(Your task) Using the records below, please work out how many lines contain "previous"; answer with the number alone.

(Extracted entries)
______________________________

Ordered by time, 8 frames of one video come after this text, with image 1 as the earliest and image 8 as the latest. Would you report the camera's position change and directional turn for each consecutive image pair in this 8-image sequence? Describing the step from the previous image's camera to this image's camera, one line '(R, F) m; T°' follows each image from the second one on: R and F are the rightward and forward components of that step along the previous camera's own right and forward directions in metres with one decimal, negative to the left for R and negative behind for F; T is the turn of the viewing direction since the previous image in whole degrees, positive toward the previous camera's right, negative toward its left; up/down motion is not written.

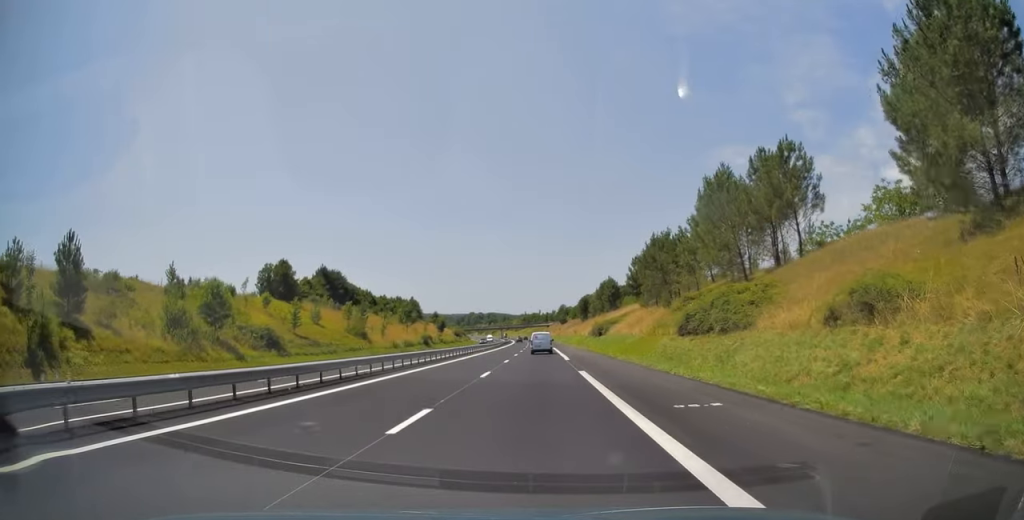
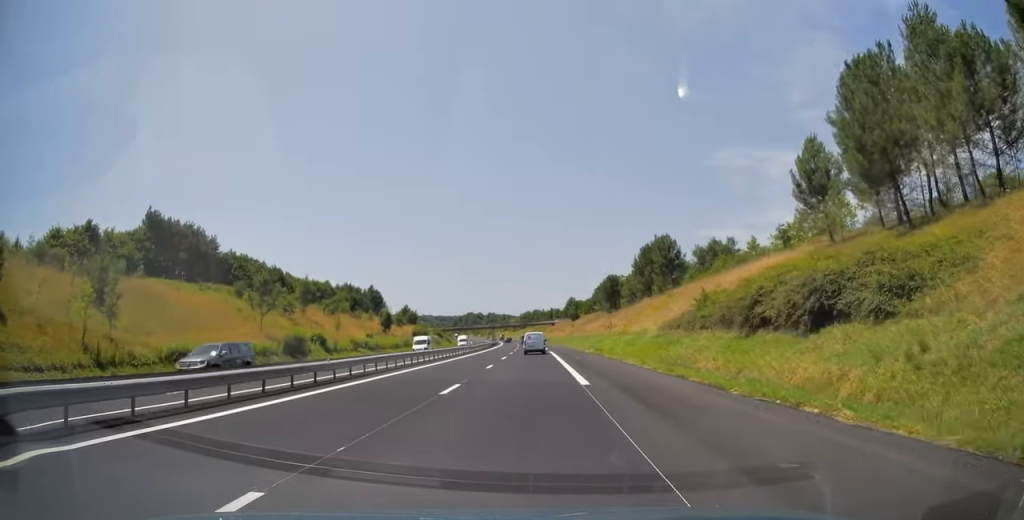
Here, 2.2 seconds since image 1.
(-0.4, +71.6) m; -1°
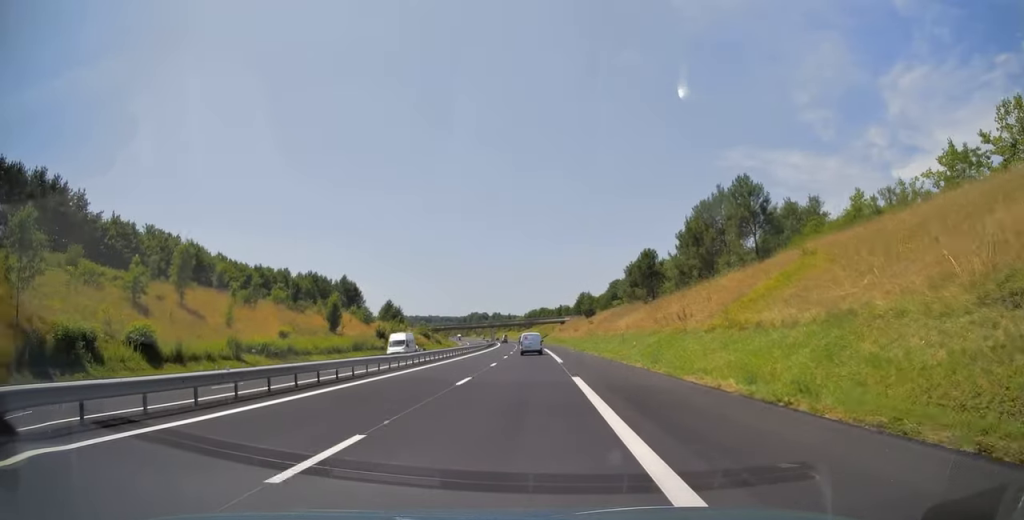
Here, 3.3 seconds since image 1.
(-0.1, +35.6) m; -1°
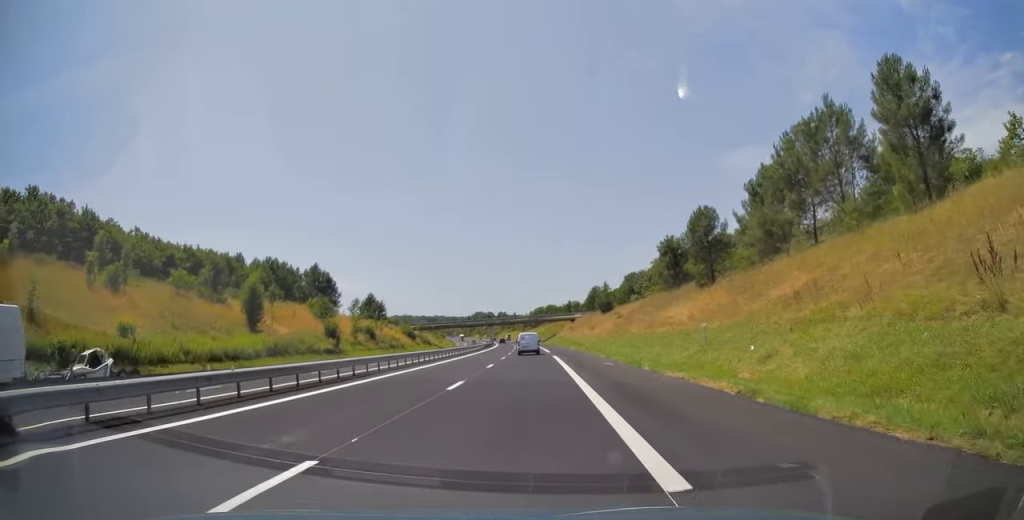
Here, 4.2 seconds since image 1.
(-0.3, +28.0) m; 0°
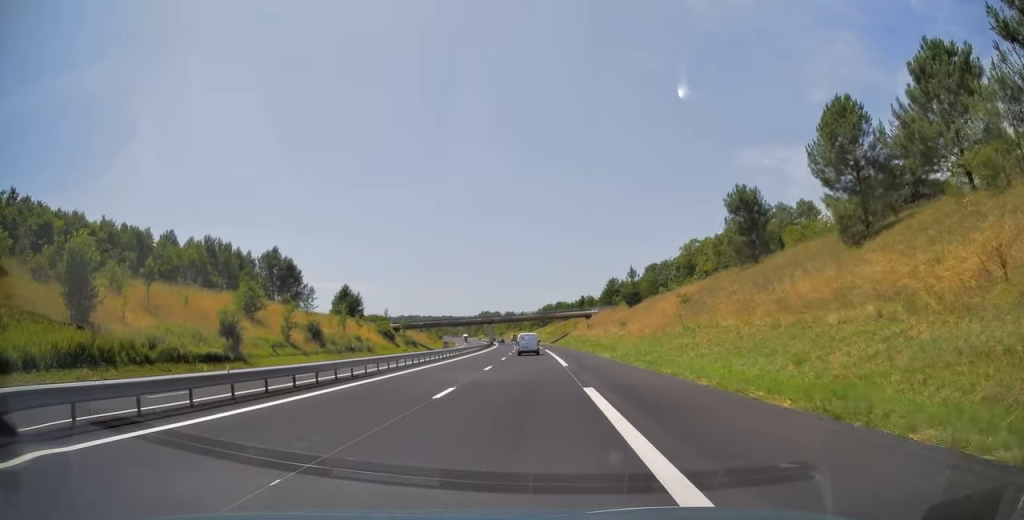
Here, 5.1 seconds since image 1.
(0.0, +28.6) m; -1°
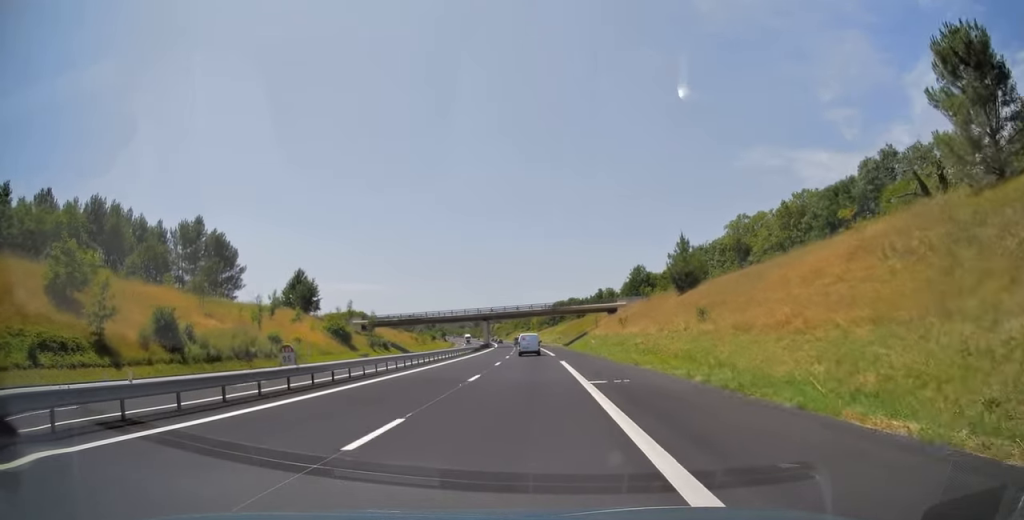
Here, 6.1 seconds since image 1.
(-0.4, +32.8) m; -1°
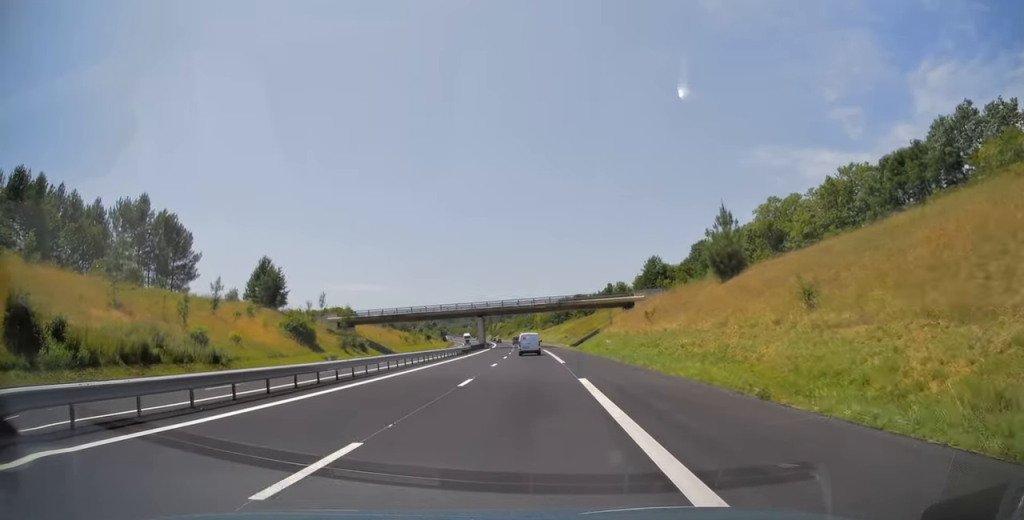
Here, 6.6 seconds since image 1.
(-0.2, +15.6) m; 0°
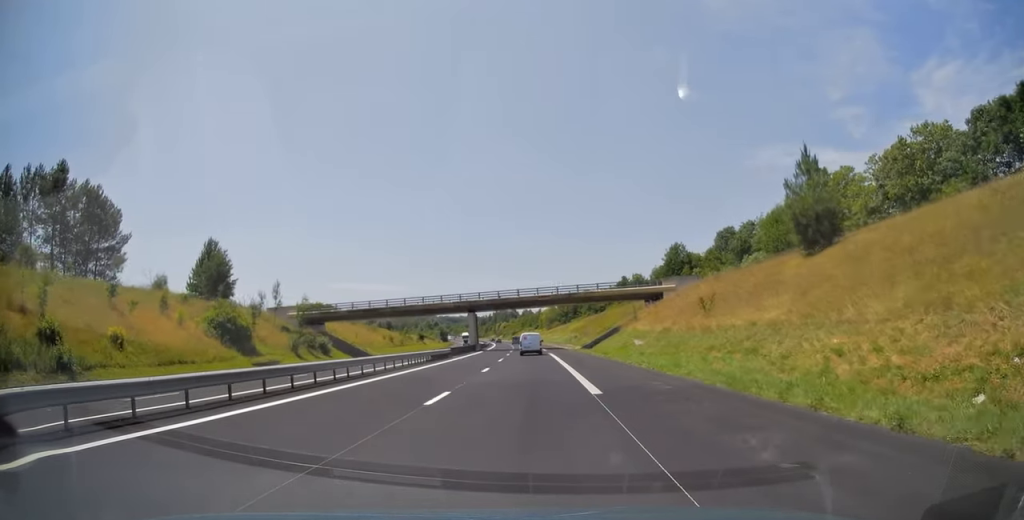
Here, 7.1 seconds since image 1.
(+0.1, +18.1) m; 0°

______________________________

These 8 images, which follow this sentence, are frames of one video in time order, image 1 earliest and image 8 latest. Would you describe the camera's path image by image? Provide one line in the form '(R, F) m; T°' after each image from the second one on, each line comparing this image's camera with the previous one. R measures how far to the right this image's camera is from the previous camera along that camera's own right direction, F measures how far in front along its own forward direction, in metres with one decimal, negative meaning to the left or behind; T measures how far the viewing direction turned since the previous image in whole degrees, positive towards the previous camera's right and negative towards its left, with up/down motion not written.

______________________________

(Task output) 2